### [WORK TO COMPLETE]
Extract the full listing verbatim and drop any pictures from your copy.

### [AVAILABLE DATA]
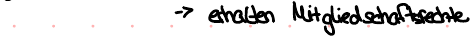
-> erhalten Mitgliedschaftsrechte
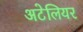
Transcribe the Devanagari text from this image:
अटेलियर
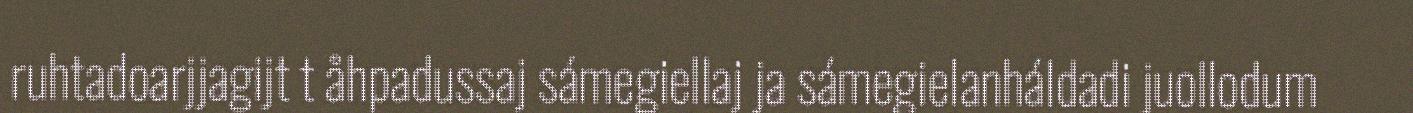
ruhtadoarjjagijt t åhpadussaj sámegiellaj ja sámegielanháldadi juollodum
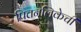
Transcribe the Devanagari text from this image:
पित्तनलिकेची
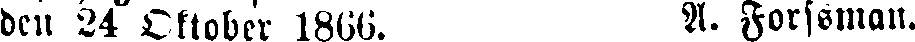
den 24 Oktober 1866. A. Forssman.
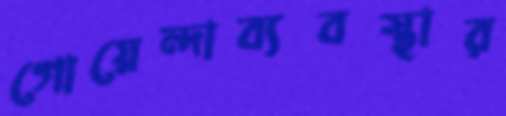
গোয়েন্দাব্যবস্থার
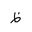
Letter: _za
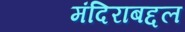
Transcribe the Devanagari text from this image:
मंदिराबद्दल
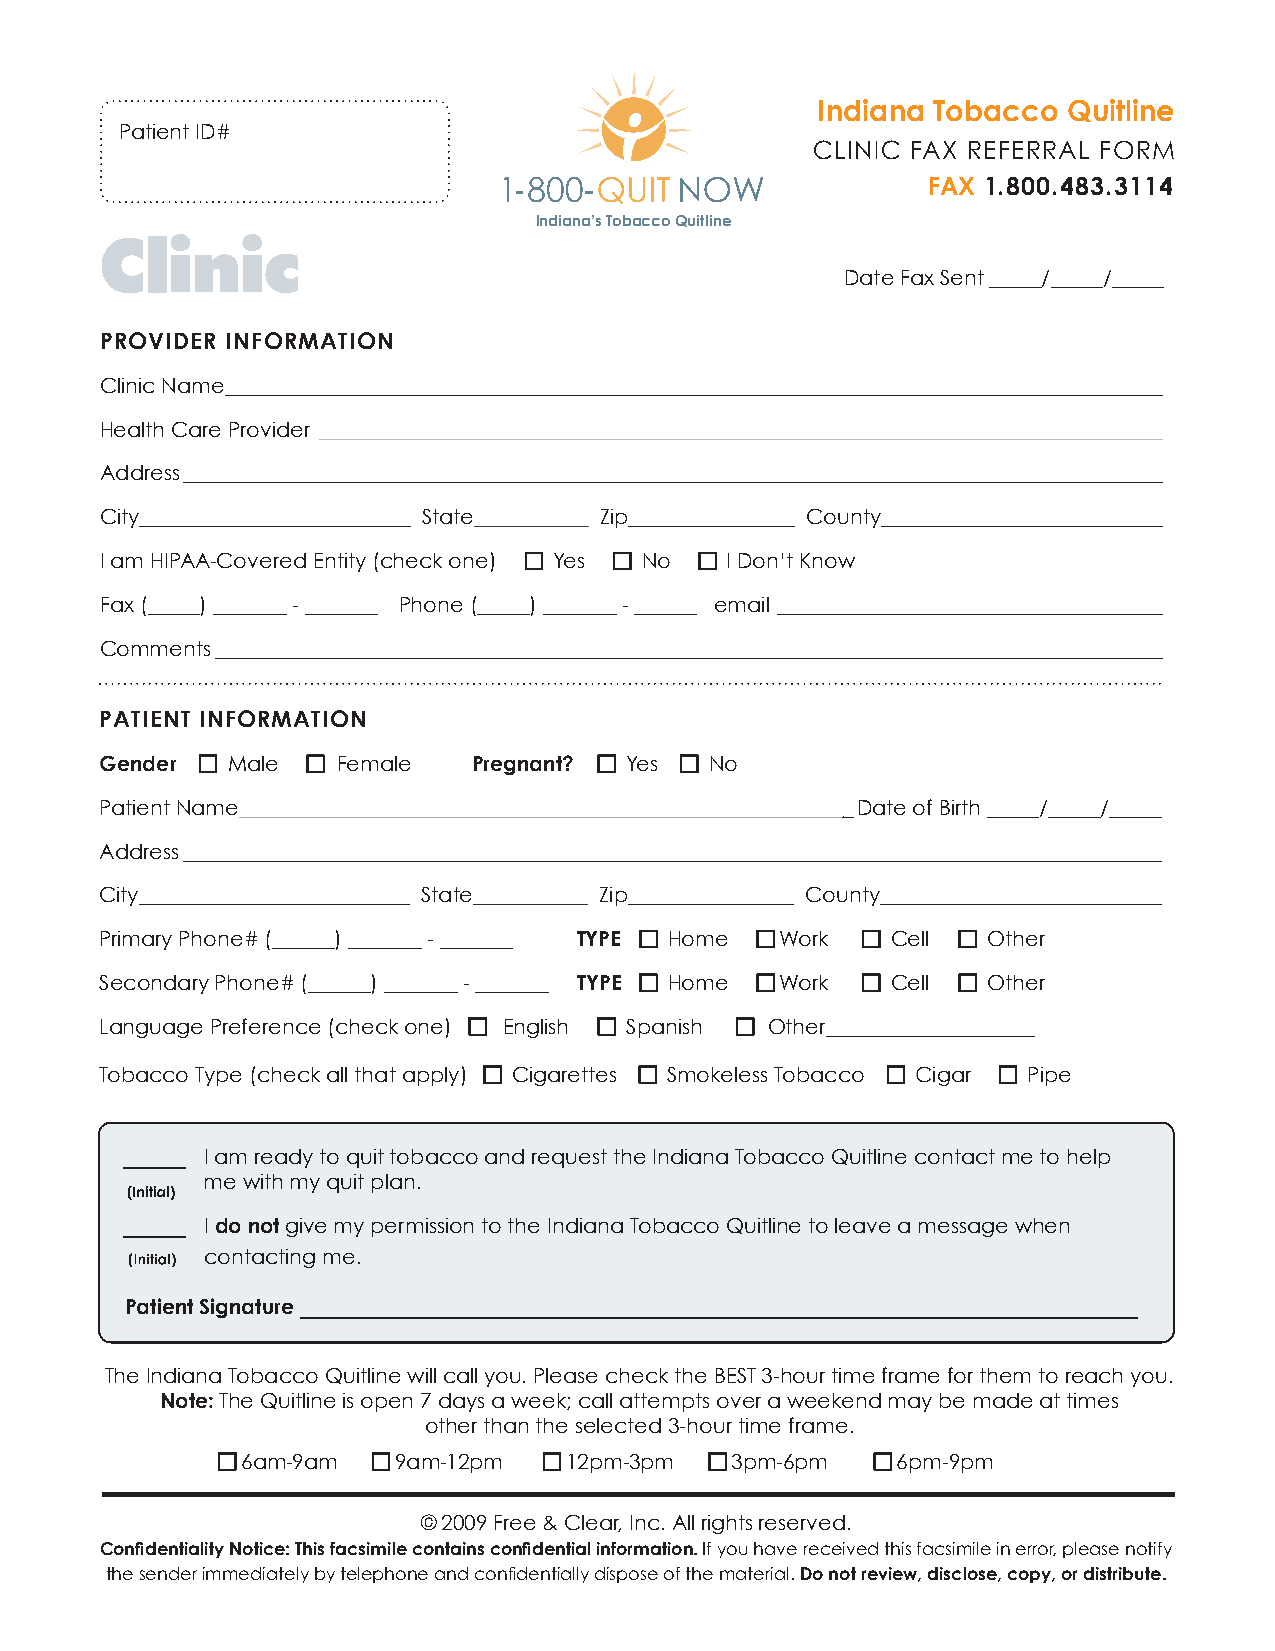
Indiana Tobacco  Quitline
 Patient ID#
 CLINIC FAX REFERRAL FORM
 FAX 1.800.483.3114
 Indiana’s Tobacco Quitline
 Clinic
 Date Fax Sent _____/_____/_____
 PROVIDER INFORMATION
 Clinic Name __________________________________________________________________________________________
 HHHeeeaaalllttthhh CCCaaarrreee PPPrrrooovvviiidddeeerrr __________________________________________________________________________________________________________________________________________________________________
 Address ______________________________________________________________________________________________
 City__________________________ Stattteee_________________________________ Zip________________ County___________________________
 I am HIPAA-Covered Entity(check one) ■ Yes ■ No ■ I Don’t Know
 Faaaxxx ((__________)) ______________ -- _______ Phone (_____) _______ - ______ email _____________________________________
 Comments ___________________________________________________________________________________________
 PATIENT INFORMATION
 GGGeeennndddeeerrr ■ Male ■ Female Pregnant? ■ Yes ■ No
 PPPaaatttiiieeennnttt NNNaaammmeee________________________________________________________________________________________________________________________________________________________________________________Date of Birth _____/_____/_____
 Address ______________________________________________________________________________________________
 City__________________________ Stattteee_________________________________ Zip________________ County___________________________
 Primary Phone# (______) _______ - _______ TYPE ■ Home ■Work ■ Cell ■ Other
 Secondary Phone# (______) _______ - _______ TYPE ■ Home ■Work ■ Cell ■ Other
 Language Preference (check one) ■ English ■ Spanish ■ Other____________________
 Tobacco Type (check all that apply) ■ Cigarettes ■ Smokeless Tobacco ■ CCCiiigggaaarrr ■ Pipe
 _____ I am ready to quit tobacco and request theIndiana Tobacco Quitline contact me to help
 mmmeee wwwiiittthhh mmmyyy qqquuuiiittt ppplllaaannn...
 ((IInniittiiaall))
 _____ I do not give my permission to the Indiana Tobacco Quitline to leave a message when
 (Initial) cccooonnntttaaaccctttiiinnnggg mmmeee...
 Patient Signature ___________________________________________________________________
 The Indiana Tobacco Quitline will call you. Please check the BEST 3-hour time frame for them to reach you.
 Note: The Quitline is open 7 days a week; call attempts over a weekend may be made at times
 other than the selected 3-hour time frame.
 ■6am-9am  ■9am-12pm  ■12pm-3pm  ■3pm-6pm   ■6pm-9pm
 © 2009 Free & Clear, Inc. All rights reserved.
 Confi dentiality Notice: This facsimile contains confi dential information. If you have received this facsimile in error, please notify
 the sender immediately by telephone and confi dentially dispose of the material.Do not review, disclose, copy, or distribute.
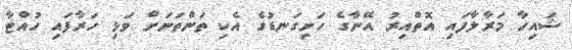
ޝައިހާ މަރާލާފައި އޮތްއިރު އޭނާގެ ހަށިގަނޑުގެ އެކި ތަންތަނަށް ވަޅި ހަރާފައި ހުއްޓާ
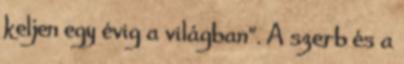
keljen egy évig a világban". A szerb és a
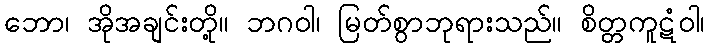
ဘော၊ အိုအချင်းတို့။ ဘဂဝါ၊ မြတ်စွာဘုရားသည်။ စိတ္တကူဋံဝါ၊
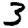
Digit: 3
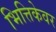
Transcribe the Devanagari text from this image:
भित्तिकेवर

### [ANSWER SPACE]
-> erhalten Mitgliedschaftsrechte
Transcribe the Devanagari text from this image:
अटेलियर
ruhtadoarjjagijt t åhpadussaj sámegiellaj ja sámegielanháldadi juollodum
Transcribe the Devanagari text from this image:
पित्तनलिकेची
den 24 Oktober 1866. A. Forssman.
গোয়েন্দাব্যবস্থার
Letter: _za
Transcribe the Devanagari text from this image:
मंदिराबद्दल
Indiana Tobacco  Quitline
 Patient ID#
 CLINIC FAX REFERRAL FORM
 FAX 1.800.483.3114
 Indiana’s Tobacco Quitline
 Clinic
 Date Fax Sent _____/_____/_____
 PROVIDER INFORMATION
 Clinic Name __________________________________________________________________________________________
 HHHeeeaaalllttthhh CCCaaarrreee PPPrrrooovvviiidddeeerrr __________________________________________________________________________________________________________________________________________________________________
 Address ______________________________________________________________________________________________
 City__________________________ Stattteee_________________________________ Zip________________ County___________________________
 I am HIPAA-Covered Entity(check one) ■ Yes ■ No ■ I Don’t Know
 Faaaxxx ((__________)) ______________ -- _______ Phone (_____) _______ - ______ email _____________________________________
 Comments ___________________________________________________________________________________________
 PATIENT INFORMATION
 GGGeeennndddeeerrr ■ Male ■ Female Pregnant? ■ Yes ■ No
 PPPaaatttiiieeennnttt NNNaaammmeee________________________________________________________________________________________________________________________________________________________________________________Date of Birth _____/_____/_____
 Address ______________________________________________________________________________________________
 City__________________________ Stattteee_________________________________ Zip________________ County___________________________
 Primary Phone# (______) _______ - _______ TYPE ■ Home ■Work ■ Cell ■ Other
 Secondary Phone# (______) _______ - _______ TYPE ■ Home ■Work ■ Cell ■ Other
 Language Preference (check one) ■ English ■ Spanish ■ Other____________________
 Tobacco Type (check all that apply) ■ Cigarettes ■ Smokeless Tobacco ■ CCCiiigggaaarrr ■ Pipe
 _____ I am ready to quit tobacco and request theIndiana Tobacco Quitline contact me to help
 mmmeee wwwiiittthhh mmmyyy qqquuuiiittt ppplllaaannn...
 ((IInniittiiaall))
 _____ I do not give my permission to the Indiana Tobacco Quitline to leave a message when
 (Initial) cccooonnntttaaaccctttiiinnnggg mmmeee...
 Patient Signature ___________________________________________________________________
 The Indiana Tobacco Quitline will call you. Please check the BEST 3-hour time frame for them to reach you.
 Note: The Quitline is open 7 days a week; call attempts over a weekend may be made at times
 other than the selected 3-hour time frame.
 ■6am-9am  ■9am-12pm  ■12pm-3pm  ■3pm-6pm   ■6pm-9pm
 © 2009 Free & Clear, Inc. All rights reserved.
 Confi dentiality Notice: This facsimile contains confi dential information. If you have received this facsimile in error, please notify
 the sender immediately by telephone and confi dentially dispose of the material.Do not review, disclose, copy, or distribute.
ޝައިހާ މަރާލާފައި އޮތްއިރު އޭނާގެ ހަށިގަނޑުގެ އެކި ތަންތަނަށް ވަޅި ހަރާފައި ހުއްޓާ
keljen egy évig a világban". A szerb és a
ဘော၊ အိုအချင်းတို့။ ဘဂဝါ၊ မြတ်စွာဘုရားသည်။ စိတ္တကူဋံဝါ၊
Digit: 3
Transcribe the Devanagari text from this image:
भित्तिकेवर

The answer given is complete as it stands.